2. **One Qwen-VL pass.** All three modules share a single VLM client
(vLLM if available, transformers fallback) so the cost is one model
load per dataset, not three.
## Module independence and staged reruns
Each module writes its raw output to
`<root>/.annotate_staging/episode_{N:06d}/<module>.jsonl`. That makes
prompt iteration cheap — re-running one module overwrites only its own
JSONL file before the writer composes the final parquet. Modules can be
disabled via `--plan.enabled=false` (and likewise `--interjections.enabled`
/ `--vqa.enabled`) to
test them in isolation.
## Validation/report checks before final write
Before the writer runs, `StagingValidator` checks:
- exact frame-timestamp alignment for every event row;
- no orphan speech / interjection pairs;
- `plan` is refreshed at every interjection timestamp;
- `memory` rows fall on subtask boundaries (warning, not error);
- VQA assistant `content` parses as JSON in one of the
bbox / keypoint / count / attribute / spatial shapes;
- every row routes to the column dictated by `column_for_style(style)`.
Errors abort the writer (`--skip_validation=true` overrides for debugging).
## Paper inspirations per module
- **`plan` module — subtasks.** Hi Robot ([Shi 2025](https://arxiv.org/abs/2502.19417))
atom granularity ("pick up one piece of lettuce", "place bowl to box");
Pi0.7 ([Physical Intelligence 2025](https://pi.website/pi07)) "how, not
what" detail.
- **`plan` module — memory.** MEM ([Torne 2026](https://arxiv.org/abs/2603.03596))
compression directive: keep only minimal relevant information; functional
outcomes preserved, specific attributes dropped.
- **`interjections` module.** Hi Robot scenario taxonomy: negative task,
situated correction, specific constraint, preference. Speech is a
tool-call-only atom (`tool_calls=[{type:function, function:{name:"say",
arguments:{text:...}}}]`).
- **`vqa` module.** ECoT ([Zawalski 2024](https://arxiv.org/abs/2407.08693))
grounded features (bounding boxes in pixel `[x_min, y_min, x_max, y_max]`,
keypoints) and Steerable VLA Policies ([Zhao 2025](https://arxiv.org/abs/2509.07626))
multi-abstraction grounding. Pi0.7 also grounds answers across
multiple abstraction levels.
Future maintainers should adjust the prompt templates in
`src/lerobot/annotations/steerable_pipeline/prompts/` against these
references rather than rewriting from scratch.

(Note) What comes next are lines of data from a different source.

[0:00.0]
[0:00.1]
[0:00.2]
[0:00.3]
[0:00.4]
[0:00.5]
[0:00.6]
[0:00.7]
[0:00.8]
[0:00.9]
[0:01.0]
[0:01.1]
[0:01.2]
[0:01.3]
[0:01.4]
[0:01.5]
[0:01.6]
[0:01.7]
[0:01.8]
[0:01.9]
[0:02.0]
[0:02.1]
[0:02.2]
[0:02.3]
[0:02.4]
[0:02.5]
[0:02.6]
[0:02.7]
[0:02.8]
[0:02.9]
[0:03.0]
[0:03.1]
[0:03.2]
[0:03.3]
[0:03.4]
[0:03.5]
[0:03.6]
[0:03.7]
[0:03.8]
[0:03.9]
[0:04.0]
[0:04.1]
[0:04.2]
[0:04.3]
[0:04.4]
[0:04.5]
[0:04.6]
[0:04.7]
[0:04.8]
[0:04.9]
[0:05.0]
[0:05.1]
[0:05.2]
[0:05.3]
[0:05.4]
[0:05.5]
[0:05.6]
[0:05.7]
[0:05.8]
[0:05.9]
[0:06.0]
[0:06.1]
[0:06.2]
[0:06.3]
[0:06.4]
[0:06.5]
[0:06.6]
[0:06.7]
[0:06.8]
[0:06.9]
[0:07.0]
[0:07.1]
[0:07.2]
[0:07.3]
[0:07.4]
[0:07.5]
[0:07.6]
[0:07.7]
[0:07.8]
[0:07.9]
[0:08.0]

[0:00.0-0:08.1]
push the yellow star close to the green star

## Compute and list-size estimates
Per episode, the pipeline issues O(`max_steps`) `plan`-module calls,
O(`max_interjections_per_episode`) `interjections`-module calls, and
O(`vqa_emission_hz × episode_seconds`) `vqa`-module calls. With defaults
(8 subtasks, 1 interjection, 1 Hz × 3 pairs) and 30-second episodes, that
is ~50 VLM calls per episode. `language_persistent` per episode is ~10s of
KB at most (parquet dictionary-encodes one entry per episode);
`language_events` is empty on most frames and is bounded by the number of
emissions, not `num_frames × num_emissions`.

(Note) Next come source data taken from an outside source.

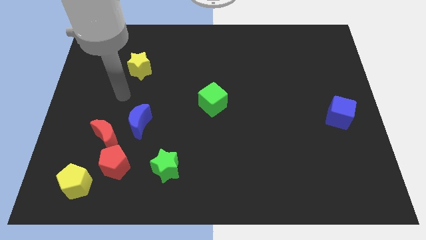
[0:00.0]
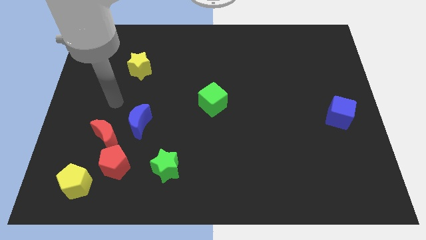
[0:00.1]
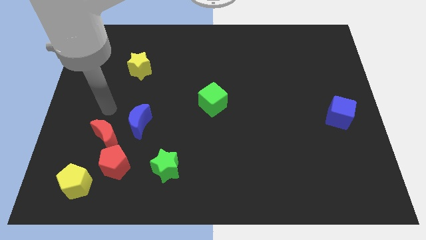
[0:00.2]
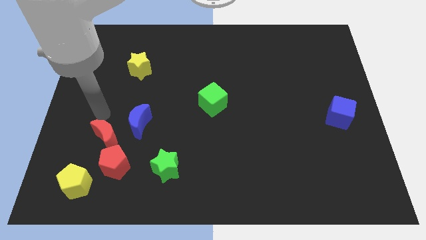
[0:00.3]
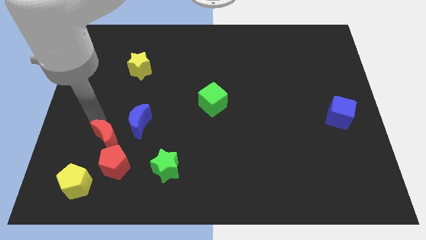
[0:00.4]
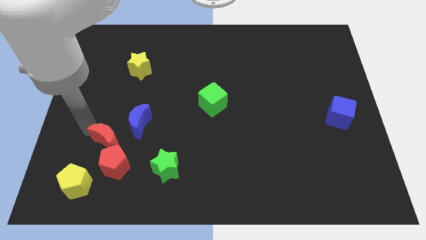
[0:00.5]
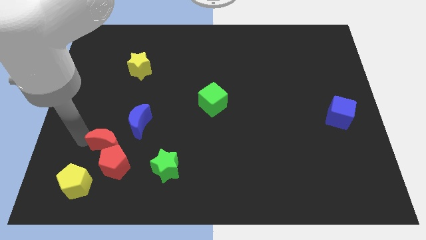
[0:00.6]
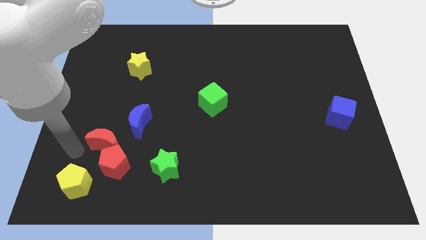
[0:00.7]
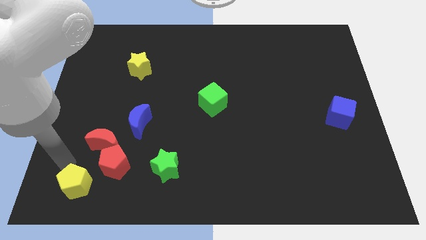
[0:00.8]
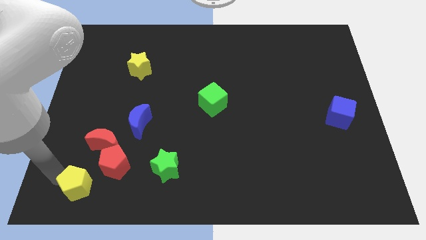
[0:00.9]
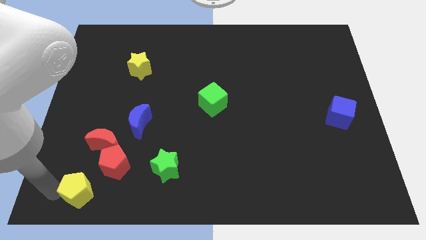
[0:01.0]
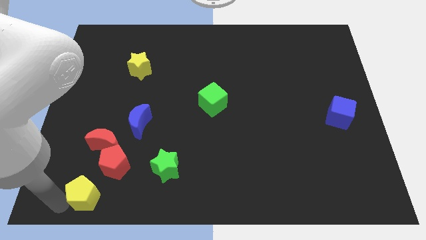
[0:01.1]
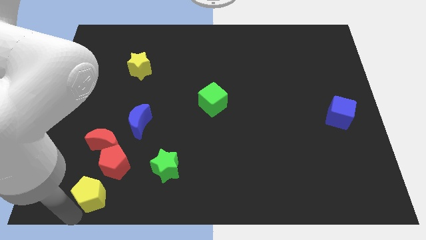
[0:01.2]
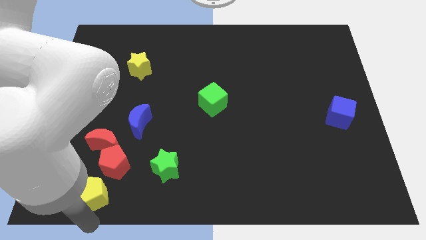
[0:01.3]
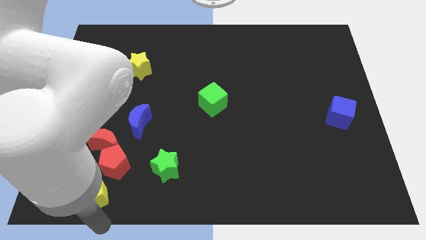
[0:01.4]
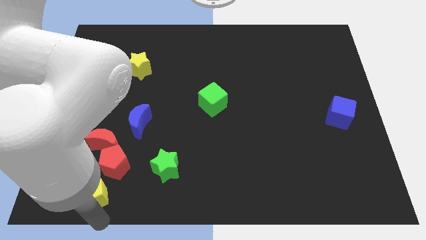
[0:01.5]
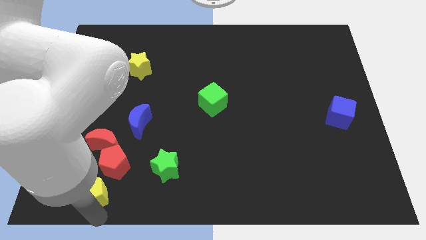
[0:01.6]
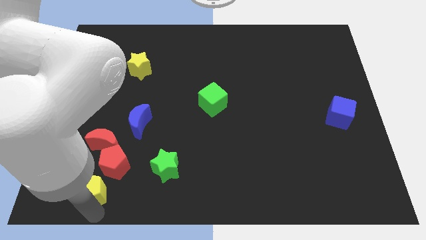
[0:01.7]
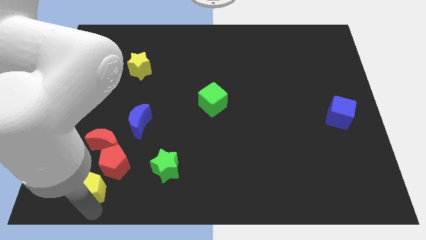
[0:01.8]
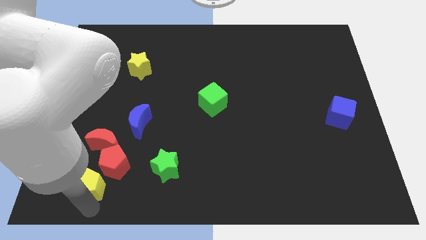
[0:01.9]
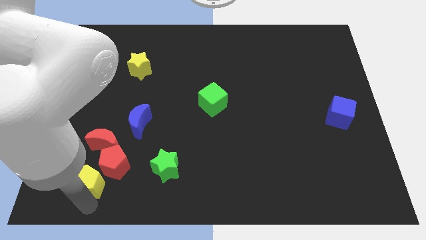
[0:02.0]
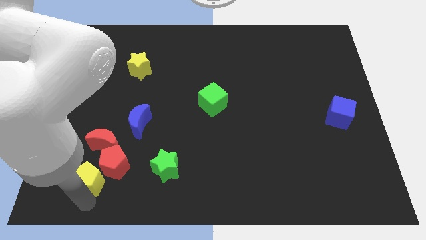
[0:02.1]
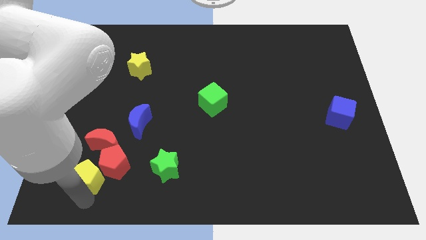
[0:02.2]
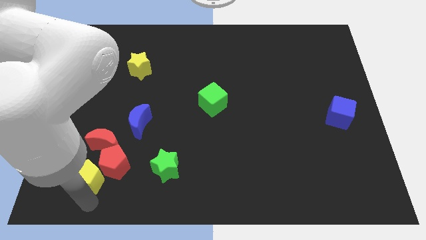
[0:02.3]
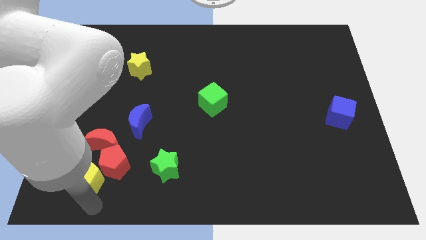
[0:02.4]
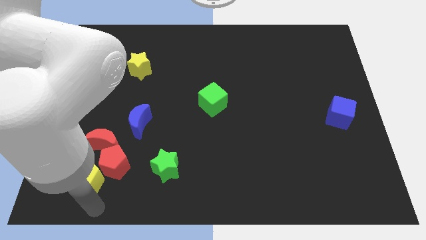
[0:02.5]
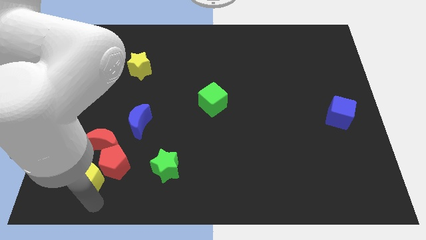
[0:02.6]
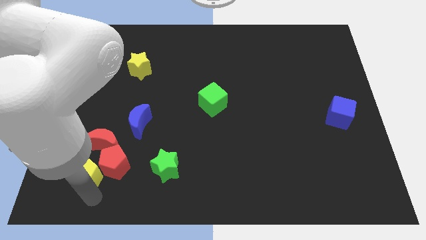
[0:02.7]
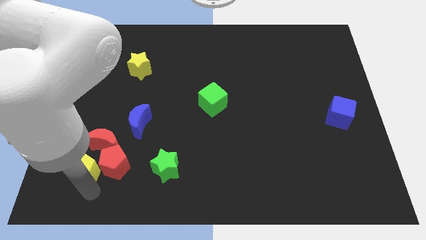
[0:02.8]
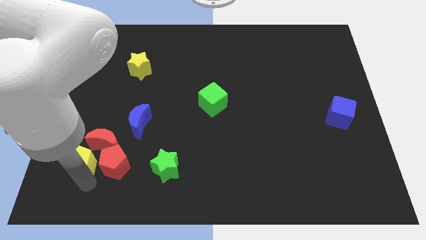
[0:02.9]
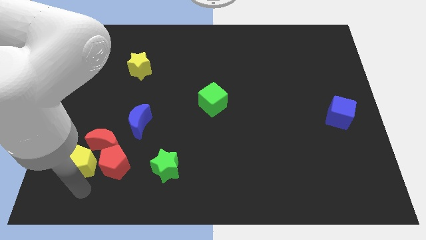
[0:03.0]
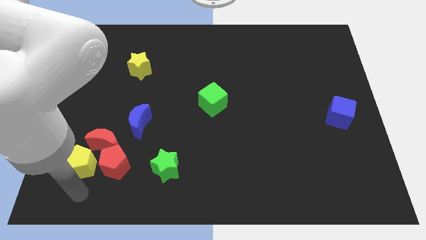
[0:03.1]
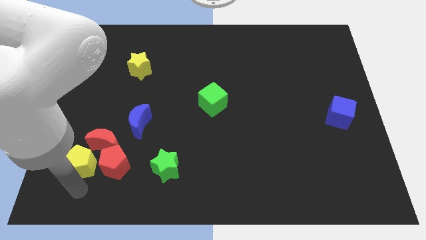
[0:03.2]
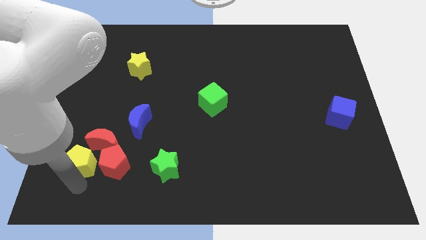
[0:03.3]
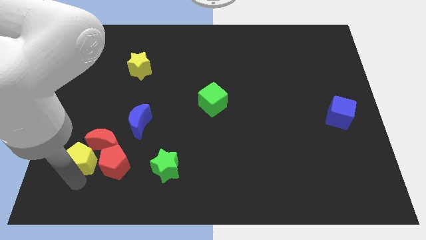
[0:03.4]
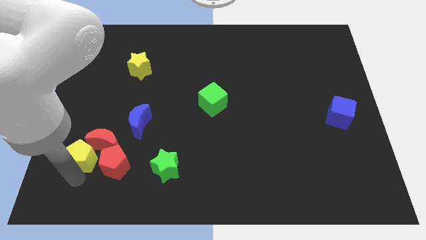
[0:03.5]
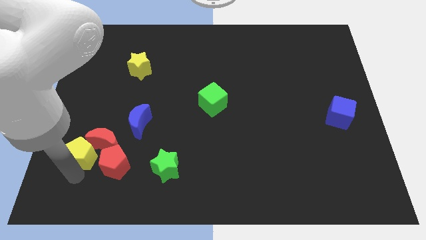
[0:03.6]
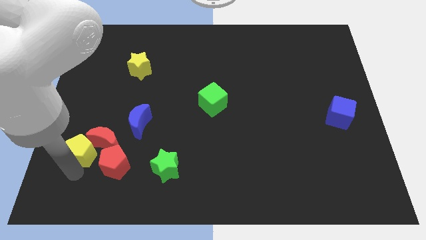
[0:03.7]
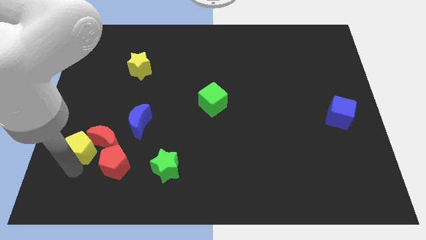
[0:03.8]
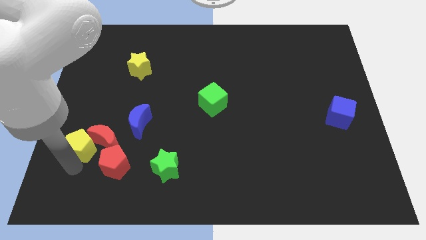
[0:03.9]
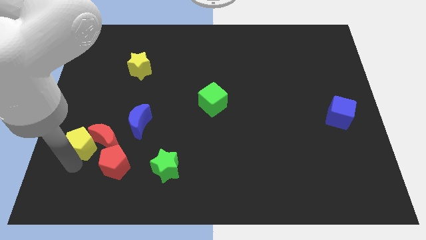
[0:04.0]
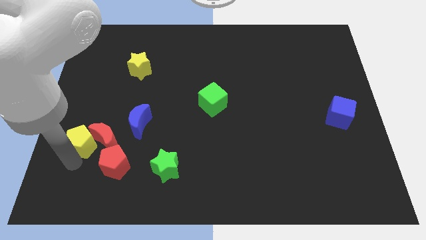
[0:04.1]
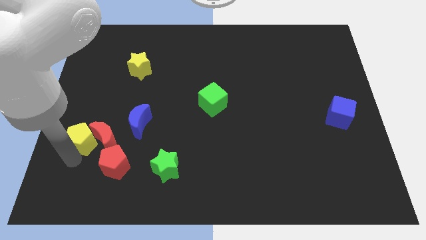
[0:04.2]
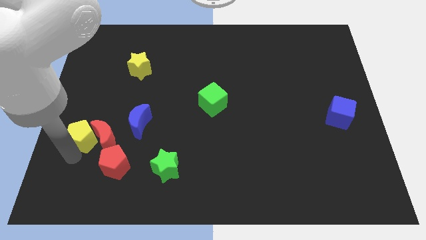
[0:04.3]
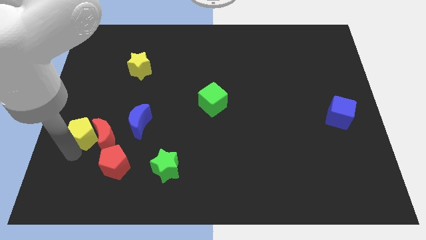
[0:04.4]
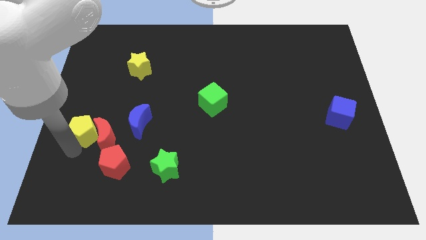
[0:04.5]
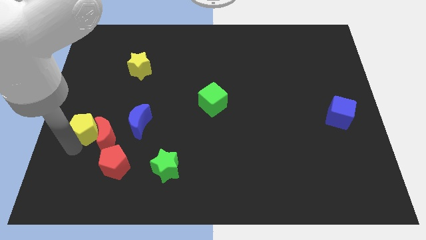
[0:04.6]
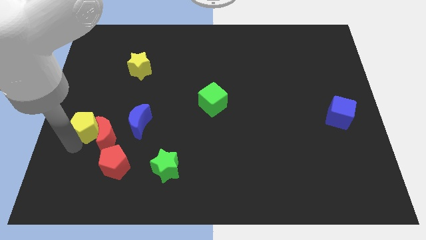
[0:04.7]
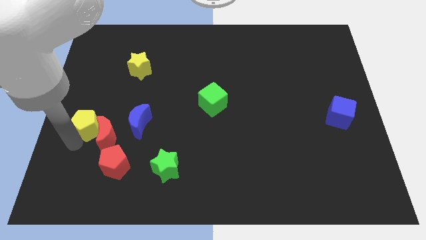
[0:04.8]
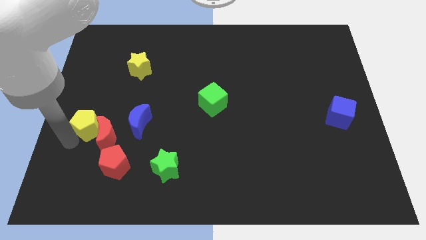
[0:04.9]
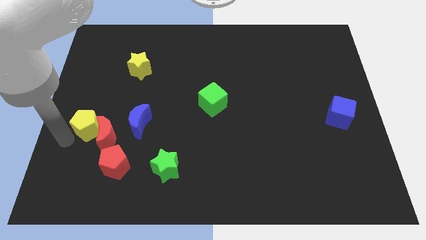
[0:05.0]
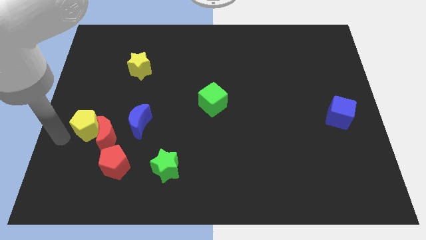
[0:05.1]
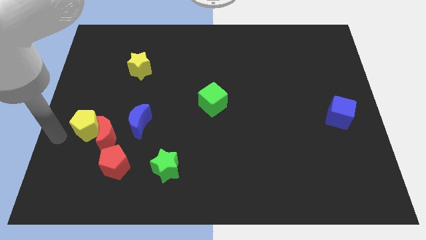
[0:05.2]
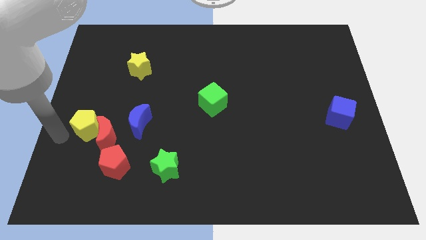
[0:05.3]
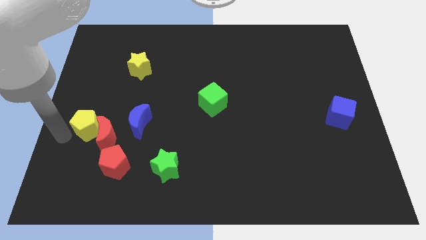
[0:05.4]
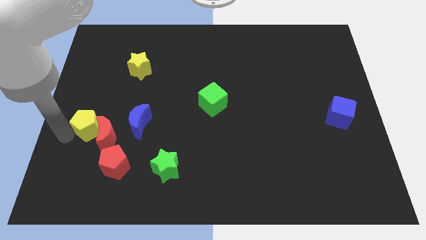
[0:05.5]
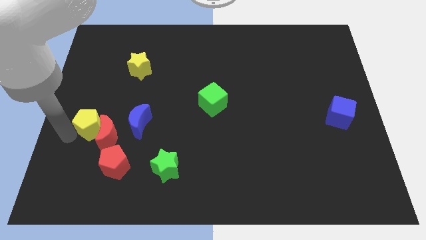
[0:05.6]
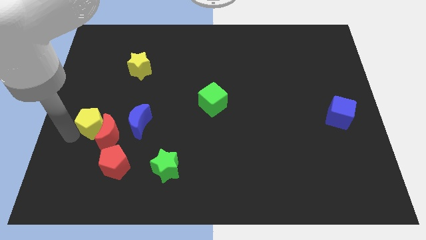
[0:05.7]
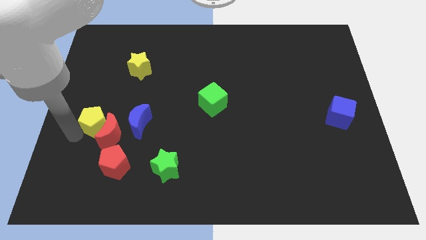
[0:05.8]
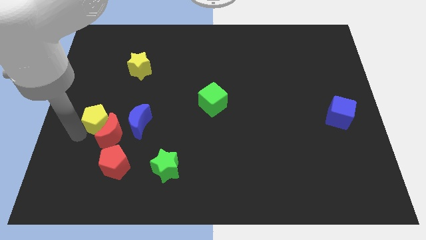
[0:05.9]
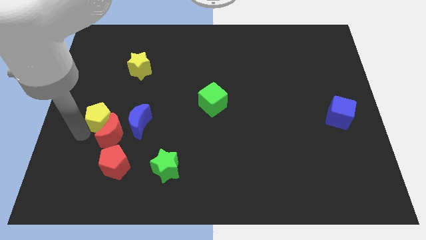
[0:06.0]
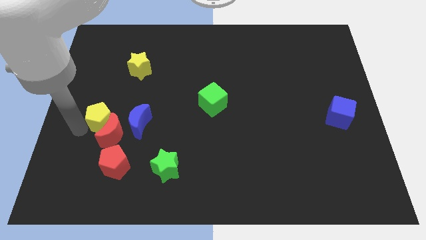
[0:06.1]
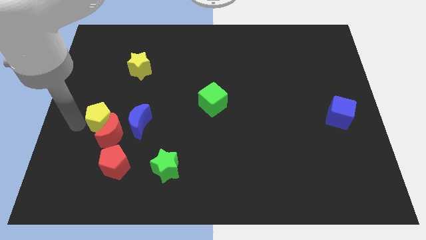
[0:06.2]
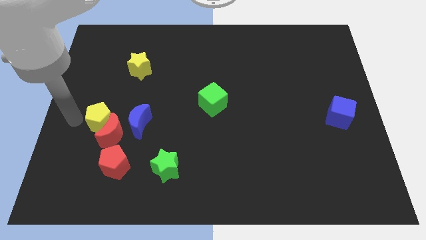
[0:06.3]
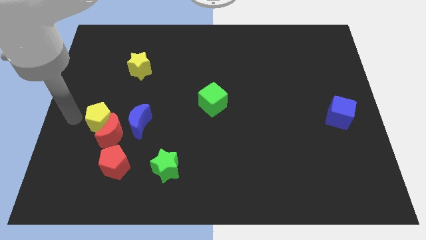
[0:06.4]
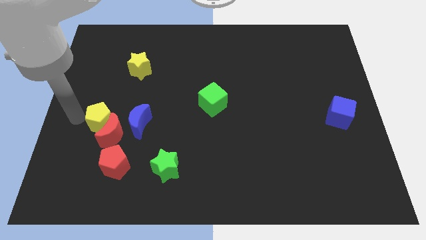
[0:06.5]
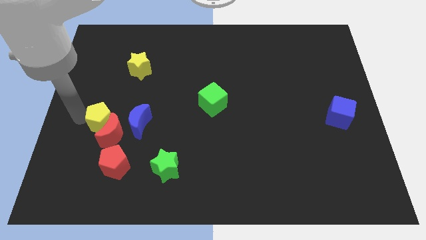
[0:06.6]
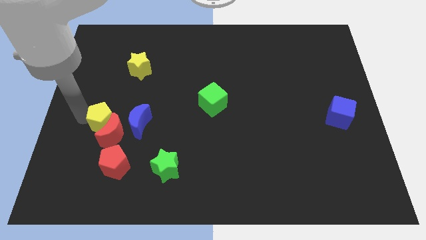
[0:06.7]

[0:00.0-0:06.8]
slide the yellow pentagon above the red pentagon

## Reproducibility via seed and prompt hashes
`--seed` (default 1729) feeds the per-episode RNGs that select interjection
timestamps and VQA question types. Combined with the deterministic prompt
templates checked into `prompts/`, two runs at the same seed against the
same dataset and the same model checkpoint produce byte-identical staging
artifacts. Prompt edits are recorded by file hash; future tooling can pin
expected `(seed, prompt_hash)` pairs into the dataset card.